Ve derler ki, bugün bile bazı kış gecelerinde, rüzgâr ağaçların arasında dolanırken, ay, sisli bir denizde bata çıka ilerleyen bir gemi gibi, bir görünür, bir kaybolurken, ufuk çizgisine yakın, bozkırın üzerinde kıvrılarak ilerleyen yol, ay ışığının altında gökyüzüne bağlanmış bir kurdela gibi kıvrılırken; bir eşkıya atını sürer. Sürer, eski hanın bahçesindeki kapıda belirir.

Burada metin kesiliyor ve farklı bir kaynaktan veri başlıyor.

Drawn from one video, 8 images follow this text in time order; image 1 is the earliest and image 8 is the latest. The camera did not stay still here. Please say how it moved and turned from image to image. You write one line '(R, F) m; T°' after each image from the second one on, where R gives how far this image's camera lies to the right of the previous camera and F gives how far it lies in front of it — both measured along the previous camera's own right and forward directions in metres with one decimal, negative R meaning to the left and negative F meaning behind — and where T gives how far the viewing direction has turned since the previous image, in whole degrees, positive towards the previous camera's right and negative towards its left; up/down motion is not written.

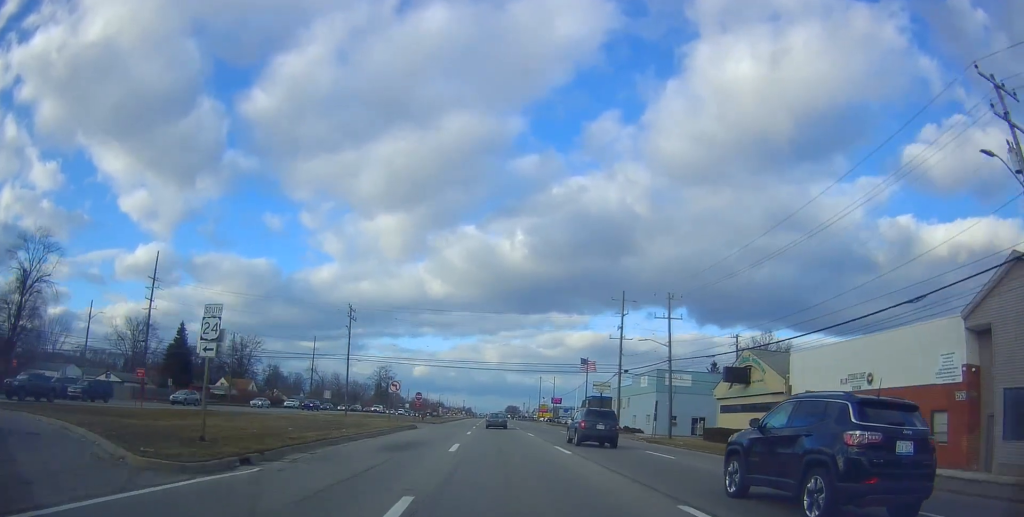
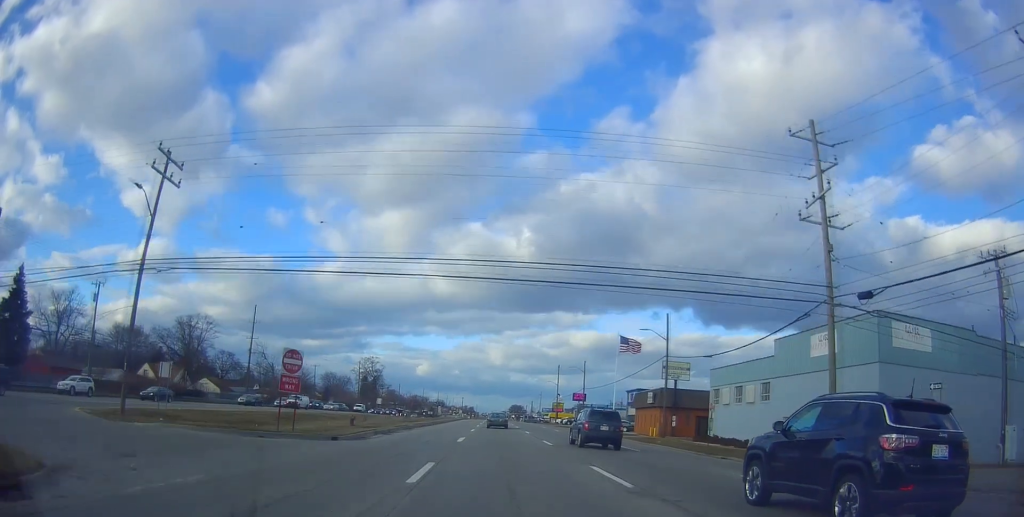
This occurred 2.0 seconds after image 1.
(+1.4, +41.5) m; +1°
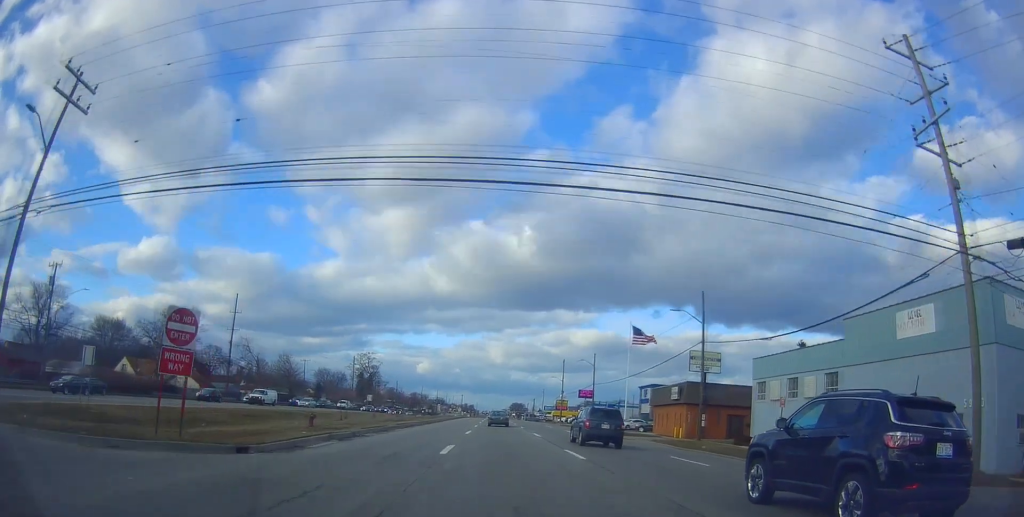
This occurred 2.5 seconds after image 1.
(-0.3, +8.7) m; 0°
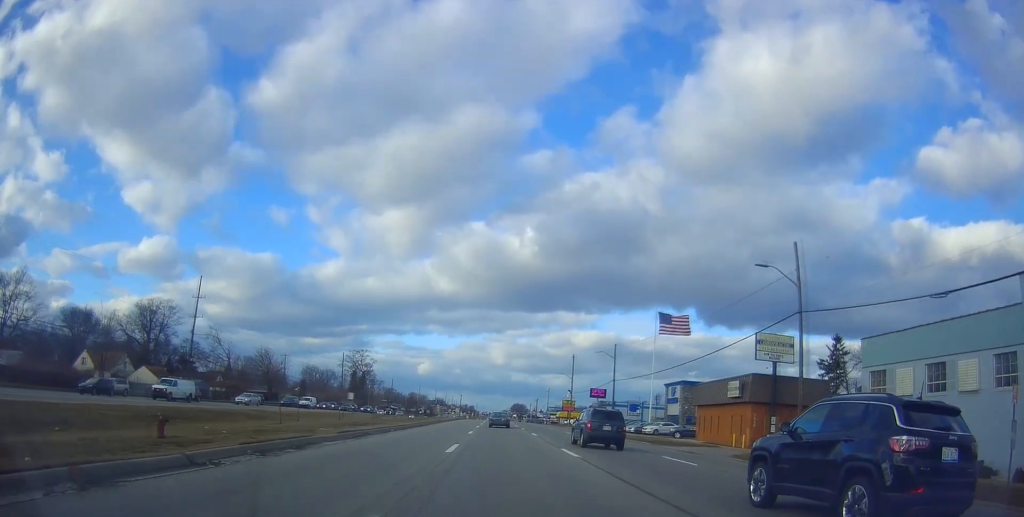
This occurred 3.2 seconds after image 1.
(-0.2, +14.1) m; 0°
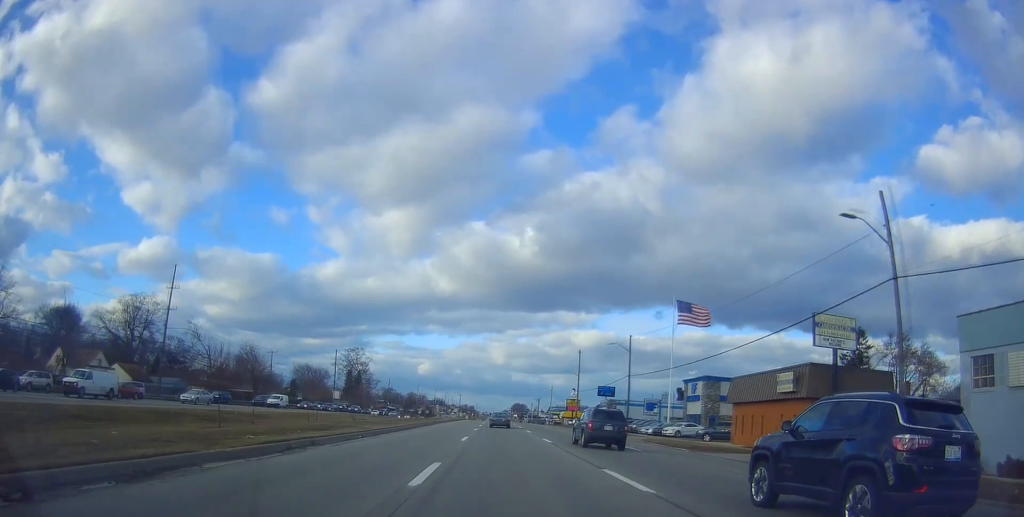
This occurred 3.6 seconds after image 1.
(+0.3, +8.0) m; 0°
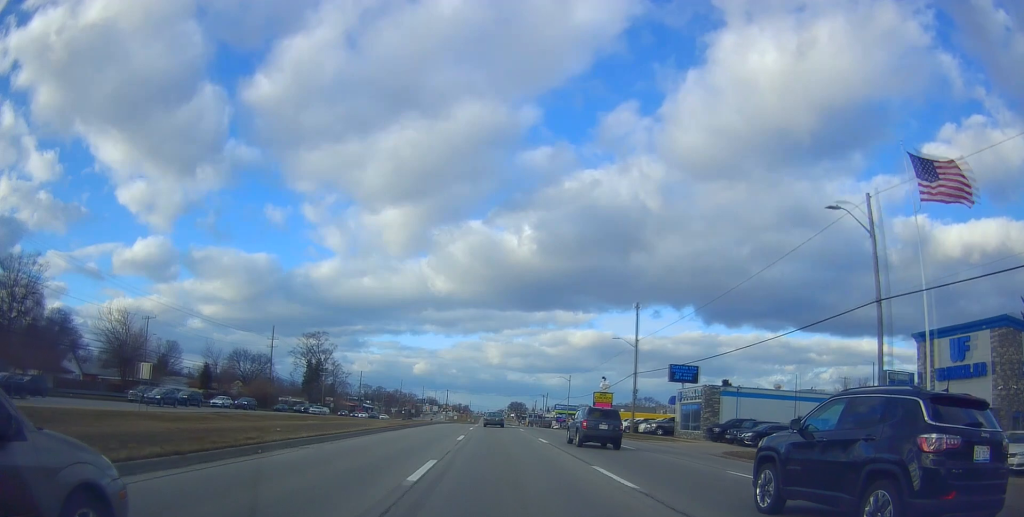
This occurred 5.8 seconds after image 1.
(-0.5, +45.0) m; +1°
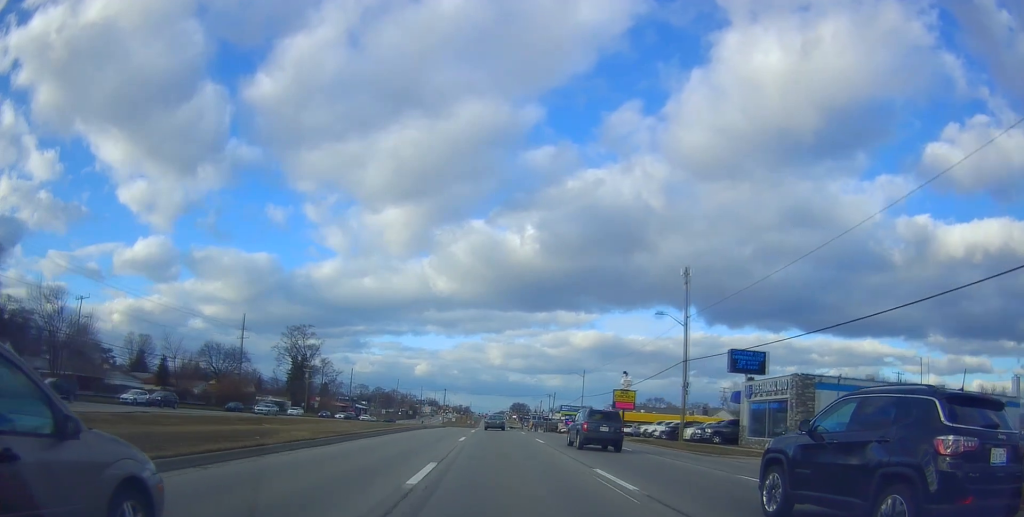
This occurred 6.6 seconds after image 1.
(+0.3, +15.4) m; 0°
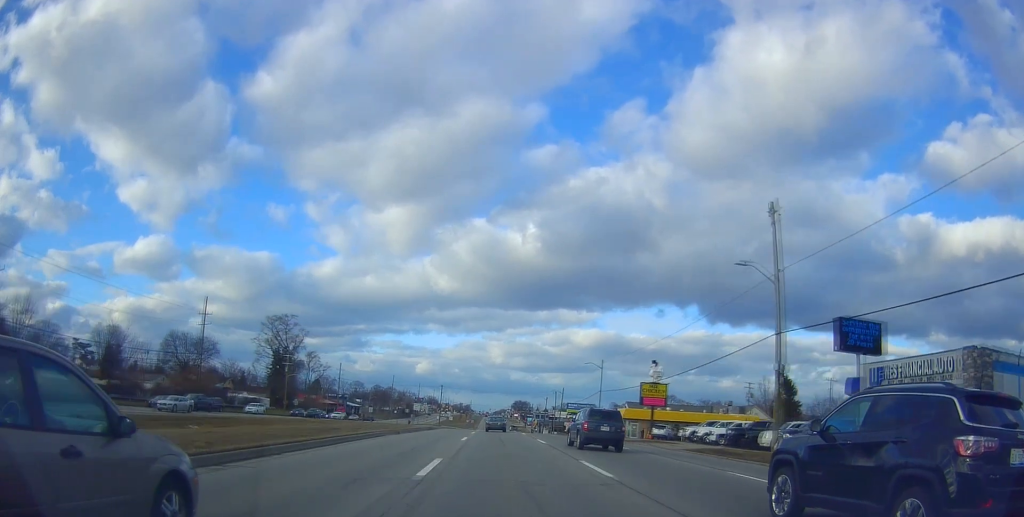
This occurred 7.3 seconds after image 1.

Hanın bahçesinde, kapı önündeki taş döşemede tıkırtısı ve çınlaması duyulur, kamçısıyla sımsıkı kapatılmış, sürgülenmiş panjurlara hafifçe vurur. Pencereye doğru hafifçe bir ıslık melodisi çalar, han sahibinin kara gözlü kızı Bess, karanlıkta saçlarını örerken ıslığı duyar.


*Alfred Noyes’in manzum öyküsü “The Highwayman”in, Türkçe nesir çevirisidir.

Türkçe'ye çeviren: M. Bahadırhan Dinçaslan

Orijinal şiir: Alfred Noyes

Bestelenmiş kısmını burayı tıklayarak dinleyebilirsiniz.

 
mbdincaslan.com | © 2024 Tüm Hakları Saklıdır

  • Mevcut yorum yok.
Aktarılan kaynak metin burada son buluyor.